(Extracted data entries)
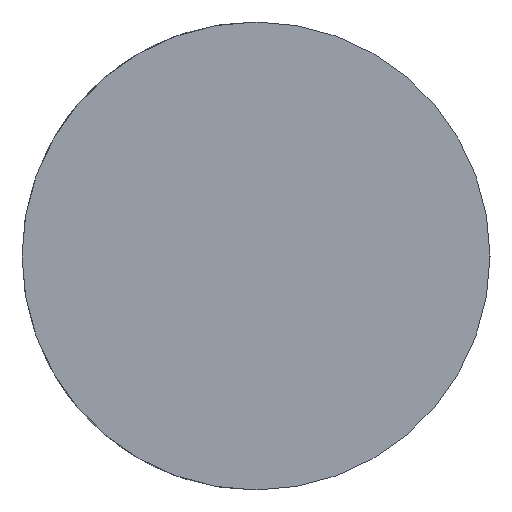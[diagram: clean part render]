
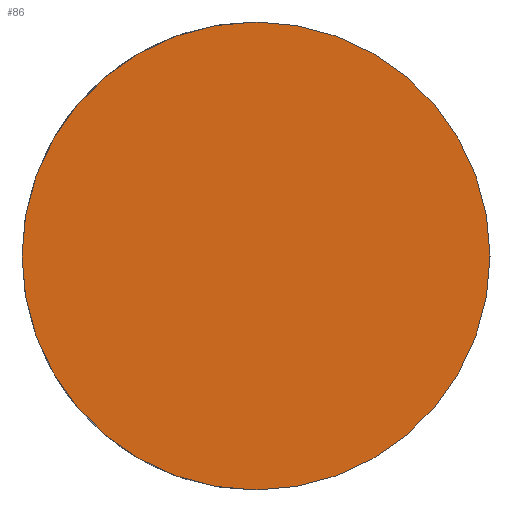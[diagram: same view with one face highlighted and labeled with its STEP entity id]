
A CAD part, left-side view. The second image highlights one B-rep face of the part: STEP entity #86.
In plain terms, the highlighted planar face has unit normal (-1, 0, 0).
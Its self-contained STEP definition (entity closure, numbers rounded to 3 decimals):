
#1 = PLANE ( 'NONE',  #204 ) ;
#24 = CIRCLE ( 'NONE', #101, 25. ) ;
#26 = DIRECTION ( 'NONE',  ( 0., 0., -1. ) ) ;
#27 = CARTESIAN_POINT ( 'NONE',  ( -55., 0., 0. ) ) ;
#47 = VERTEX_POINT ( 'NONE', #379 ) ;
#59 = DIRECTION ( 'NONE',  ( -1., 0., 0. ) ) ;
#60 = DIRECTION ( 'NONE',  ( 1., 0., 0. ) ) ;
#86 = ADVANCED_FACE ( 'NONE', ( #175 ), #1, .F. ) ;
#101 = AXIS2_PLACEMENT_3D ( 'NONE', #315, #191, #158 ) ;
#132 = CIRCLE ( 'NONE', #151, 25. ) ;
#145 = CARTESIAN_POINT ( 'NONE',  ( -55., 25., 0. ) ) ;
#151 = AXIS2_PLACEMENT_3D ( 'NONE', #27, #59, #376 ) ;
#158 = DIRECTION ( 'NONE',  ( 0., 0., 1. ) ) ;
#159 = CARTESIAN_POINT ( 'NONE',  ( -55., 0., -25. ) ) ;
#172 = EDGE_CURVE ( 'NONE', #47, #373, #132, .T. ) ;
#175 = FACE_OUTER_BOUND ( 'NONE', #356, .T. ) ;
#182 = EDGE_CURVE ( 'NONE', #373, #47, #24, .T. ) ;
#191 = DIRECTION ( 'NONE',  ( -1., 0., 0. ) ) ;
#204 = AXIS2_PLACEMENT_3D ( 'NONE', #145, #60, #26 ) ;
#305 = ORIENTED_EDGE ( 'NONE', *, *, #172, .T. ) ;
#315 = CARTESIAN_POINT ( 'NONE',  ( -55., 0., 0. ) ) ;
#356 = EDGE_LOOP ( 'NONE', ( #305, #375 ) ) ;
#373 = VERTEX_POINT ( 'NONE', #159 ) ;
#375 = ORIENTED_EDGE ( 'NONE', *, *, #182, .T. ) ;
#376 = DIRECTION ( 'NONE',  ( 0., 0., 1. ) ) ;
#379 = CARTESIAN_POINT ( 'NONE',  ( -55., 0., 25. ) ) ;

Task description: Please, without any pictures, retype the records exactly as they appear.

Answer space:
[diagram: clean part render]
[diagram: same view with one face highlighted and labeled with its STEP entity id]
A CAD part, left-side view. The second image highlights one B-rep face of the part: STEP entity #86.
In plain terms, the highlighted planar face has unit normal (-1, 0, 0).
Its self-contained STEP definition (entity closure, numbers rounded to 3 decimals):
#1 = PLANE ( 'NONE',  #204 ) ;
#24 = CIRCLE ( 'NONE', #101, 25. ) ;
#26 = DIRECTION ( 'NONE',  ( 0., 0., -1. ) ) ;
#27 = CARTESIAN_POINT ( 'NONE',  ( -55., 0., 0. ) ) ;
#47 = VERTEX_POINT ( 'NONE', #379 ) ;
#59 = DIRECTION ( 'NONE',  ( -1., 0., 0. ) ) ;
#60 = DIRECTION ( 'NONE',  ( 1., 0., 0. ) ) ;
#86 = ADVANCED_FACE ( 'NONE', ( #175 ), #1, .F. ) ;
#101 = AXIS2_PLACEMENT_3D ( 'NONE', #315, #191, #158 ) ;
#132 = CIRCLE ( 'NONE', #151, 25. ) ;
#145 = CARTESIAN_POINT ( 'NONE',  ( -55., 25., 0. ) ) ;
#151 = AXIS2_PLACEMENT_3D ( 'NONE', #27, #59, #376 ) ;
#158 = DIRECTION ( 'NONE',  ( 0., 0., 1. ) ) ;
#159 = CARTESIAN_POINT ( 'NONE',  ( -55., 0., -25. ) ) ;
#172 = EDGE_CURVE ( 'NONE', #47, #373, #132, .T. ) ;
#175 = FACE_OUTER_BOUND ( 'NONE', #356, .T. ) ;
#182 = EDGE_CURVE ( 'NONE', #373, #47, #24, .T. ) ;
#191 = DIRECTION ( 'NONE',  ( -1., 0., 0. ) ) ;
#204 = AXIS2_PLACEMENT_3D ( 'NONE', #145, #60, #26 ) ;
#305 = ORIENTED_EDGE ( 'NONE', *, *, #172, .T. ) ;
#315 = CARTESIAN_POINT ( 'NONE',  ( -55., 0., 0. ) ) ;
#356 = EDGE_LOOP ( 'NONE', ( #305, #375 ) ) ;
#373 = VERTEX_POINT ( 'NONE', #159 ) ;
#375 = ORIENTED_EDGE ( 'NONE', *, *, #182, .T. ) ;
#376 = DIRECTION ( 'NONE',  ( 0., 0., 1. ) ) ;
#379 = CARTESIAN_POINT ( 'NONE',  ( -55., 0., 25. ) ) ;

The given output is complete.